Impulsivo, quase lhe respondi mal. Mas o que me saiu foi:
― ‘Tou triste, só isso…
Com a curiosidade que caracteriza as crianças, ela quis saber mais:
― Que te aconteceu?
― Perdi uma pessoa importante.
― Eu também perdi o Guly!
Surpreendido com a resposta e já a adivinhar sarilhos, sem saber o que fazer perante uma criança sozinha, que tinha perdido alguém, perguntei:
― Quem é o Guly? É o teu irmão?
Com uma gargalhada que me deixou por momentos ainda mais confuso, ela disse:
― Não tenho irmãos, era o meu peluche preferido…
Incrédulo com a estupidez do meu pensamento e sem resposta olhei de novo para o mar, mas ela insistiu:
― Não penses mais nisso… arranjas outra pessoa assim!

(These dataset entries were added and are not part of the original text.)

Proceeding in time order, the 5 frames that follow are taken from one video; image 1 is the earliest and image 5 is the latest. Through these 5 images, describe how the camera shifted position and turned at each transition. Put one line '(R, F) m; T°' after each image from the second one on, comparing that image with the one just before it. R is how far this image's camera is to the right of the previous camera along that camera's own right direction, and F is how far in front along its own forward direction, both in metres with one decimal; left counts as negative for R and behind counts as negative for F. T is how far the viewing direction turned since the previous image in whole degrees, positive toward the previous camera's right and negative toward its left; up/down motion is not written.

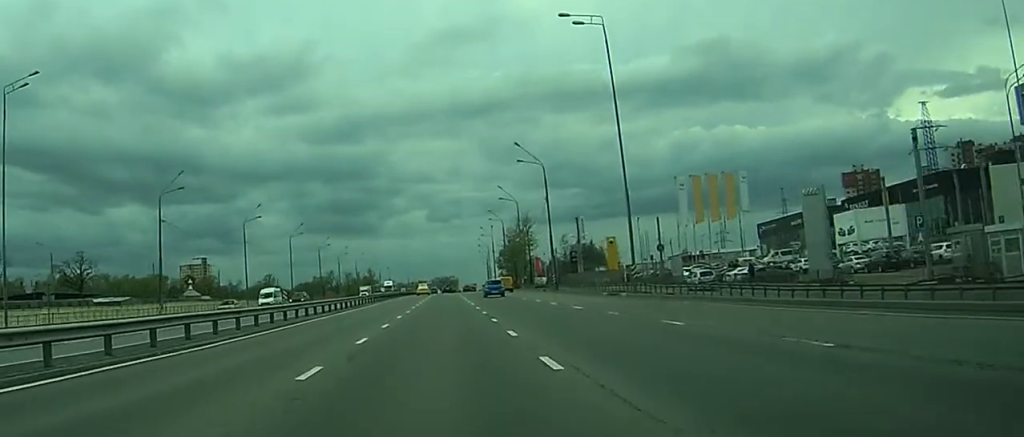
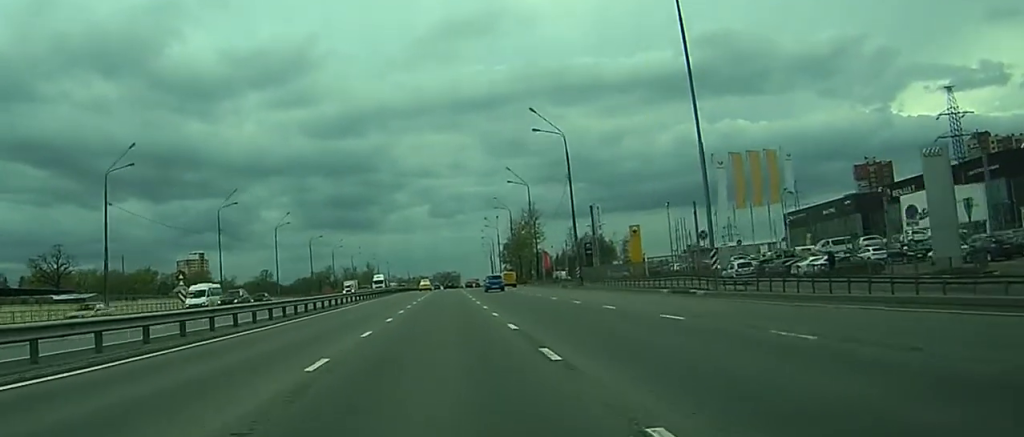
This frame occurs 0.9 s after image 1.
(0.0, +16.1) m; 0°
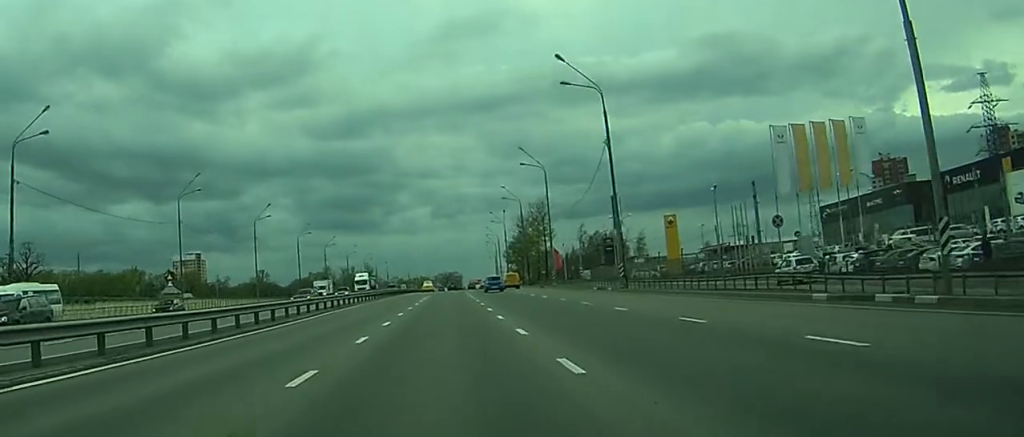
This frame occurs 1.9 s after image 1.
(0.0, +18.2) m; 0°
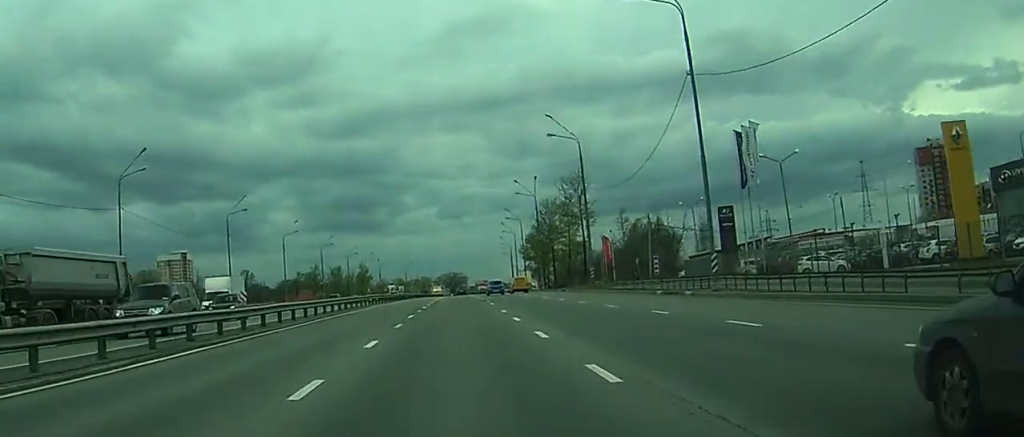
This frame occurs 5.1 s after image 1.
(-1.3, +58.7) m; -1°
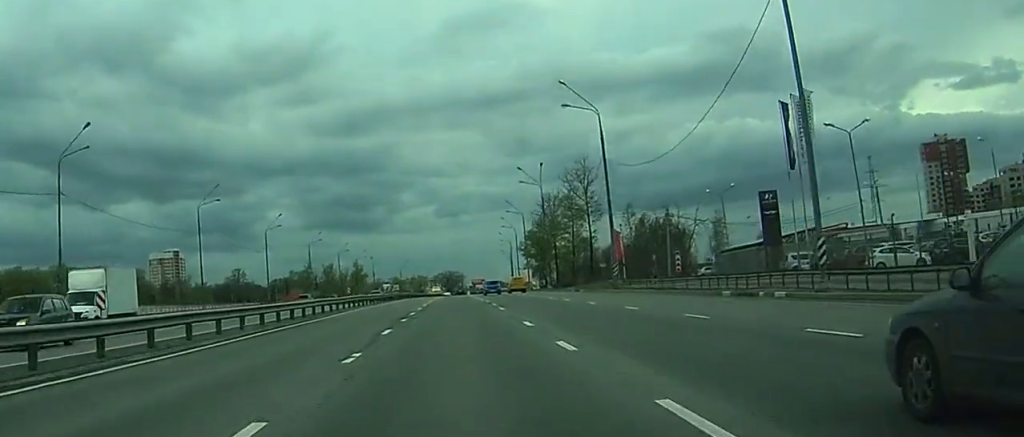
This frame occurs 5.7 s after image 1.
(+0.1, +12.3) m; 0°

Olha, eu arranjei outro.
E mostrou-me um boneco que ainda não tinha visto, tirando-me um sorriso que nem eu sabia ainda possuir e atirando-me de novo para a nostalgia.
Acordei para a despedida com ela a dizer que o pai a chamava e despedi-me.
O vento que corria soprou então no meu ouvido a dizer que não havia volta a dar.
Em pouco tempo a palavra “nós” deixou de ter significado e voltou a haver simplesmente o “eu” e o “tu”…

Dias difíceis

Difícil não é andar na corda bamba
Difícil e não querer perder o equilíbrio
Difícil não é lembrar
Difícil é não esquecer

Difícil não é sorrir
Difícil é não chorar
Difícil não é sentir
Difícil é não te beijar

Difícil não é o que passou
Difícil é o que está para vir
Difícil não é escrever
Difícil é que tu saibas o que escrevi

Difícil não é estar ao teu lado
Difícil é não te tocar
Difícil não é ser amado
Difícil... é amar

28 de julho de 2006

A pergunta que ficará sempre por fazer

Sabes, tenho uma pergunta para te fazer...mas acho que não tenho coragem,
Tenho medo da resposta.

Se calhar prefiro viver no mundo da suposição a confirmar o suposto,
Se calhar assim dói menos...
Se calhar já estou a supor demais,

Se calhar já sei a resposta...

26 de julho de 2006

Suspiro

-Adoro estar contigo. Estás tão quente...

-Temos que nos afastar!
-Porquê?

-Quanto mais quente estiver a nossa relação, maior é a probabilidade a queimarmos...

Rua da Eira


Olho para o calendário e parece que nem sinto os dias a passar, uns atrás dos outros. Hoje são 26. Tenho a impressão que estou sempre igual, e que a única coisa que muda são os ponteiros do relógio, os números do mês e as estações do ano.
Às vezes invejo o grupo de reformados que passam vezes sem conta em frente à minha janela, de trás para a frente.
Embora ele sempre tenha existido, este, é um trajecto por eles descoberto à pouco tempo.
Nos meus tempos de infância nada era assim.
Nessa altura, esses mesmos senhores chateavam-me o juízo vezes sem conta, interrompendo grandes jogatanas da bola, por, imaginem lá, umas "pequenas" boladas nos seus automóveis acabados de lavar.
Éramos putos... equiparados a um conjunto de células histaminais. Todos com potencial para chegar bem longe, ou mesmo, cair ali ao virar da esquina.
Aparentemente alguns perderam-se nesta guerra, e hoje, momentos desses, só mesmo nas nossas memórias.
Esses tempos já lá vão...
Os tempos em que a minha mãe me vinha chamar à janela para lanchar...
Os tempos em que fazíamos cabanas no monte em frente à minha casa, com caixas de cartão e tiras de estores...
Os tempos em que descíamos inconscientemente pequenas ravinas, aos grupos de três, todos metidos dentro de um pára-choques voltado ao contrário.
Os tempos em que chegava a casa todo sujo, com os joelhos esfolados, com as meias atulhadas de carrapetos e com carraças nas orelhas...
Os tempos em que cada tarde era uma aventura...
Os tempos em que jogar às escondidas até às 23h era o máximo da liberdade parental...
Os tempos em que os nossos maiores pecados, eram as tais boladas nos automóveis...
Os tempos em que aqui na rua éramos todos bons rapazes...
Tenho inveja desses tempos...tal como tenho inveja deste grupo de reformados.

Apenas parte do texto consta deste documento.